Although both procedures have similar purposes, being able to observe the inside of the uterus during the procedure allows the pathology inside to be seen and treated completely. Since the inside of the uterus cannot be seen during the curettage procedure, samples may not be taken from all surfaces, the area where the main pathology is may be missed, and formations such as polyps or myomas (fibroids) may not be completely removed with their roots.
Both procedures carry certain risks, but are generally less invasive and less risky than curettage. However, both procedures have potential complications, and these risks should be discussed between the patient and the doctor.
Hysteroscopy and curettage are procedures used for different purposes and require different techniques. Both procedures are necessary in certain situations and can be effective when applied appropriately and with appropriate indications.
Assoc. Dr. Esra Özbaşlı and Hysteroscopy
Assoc. Prof. Dr. Esra Özbaşlı is a physician specializing in gynecology and obstetrics and has experience with many women’s health procedures, such as hysteroscopy. Hysteroscopy is a medical procedure used to visualize the inside of the uterus and, if necessary, treat it. Esra Özbaşlı’s contributions to hysteroscopy include:
Expertise and Experience: Assoc. Prof. Dr. Esra Özbaşlı is a specialist in gynecology and has extensive experience in intrauterine interventions, such as hysteroscopy. This experience helps her provide her patients with an effective and safe hysteroscopy experience.

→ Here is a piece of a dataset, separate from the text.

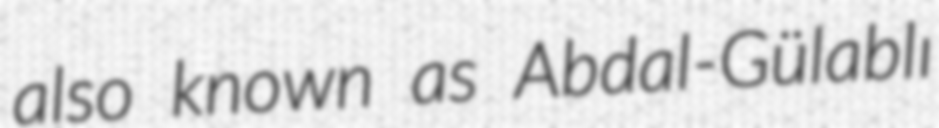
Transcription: also known as Abdal-Gülablı

Innovative Approaches: Esra Özbaşlı can focus on improving hysteroscopy procedures by following innovations in the field and using the latest technology and techniques in her clinical practice. This can provide patients with access to less invasive and more effective treatment methods.
Education and Research: Assoc. Prof. Dr. Esra Özbaşlı places great importance on education and research regarding procedures such as hysteroscopy. By imparting knowledge and skills about hysteroscopy to students and colleagues, she can contribute to the improvement of practices and outcomes in this field.
Patient Communication and Care: Esra Özbaşlı establishes a trusting relationship with her patients and takes the time to understand their needs and concerns. She provides detailed information to patients before and after, making the procedure comfortable and relaxed.
Assoc. Prof. Dr. Esra Özbaşlı’s expertise and experience help to effectively manage a delicate and important procedure such as hysteroscopy and help patients recover healthily. In this way, patients feel confident while receiving the necessary treatment.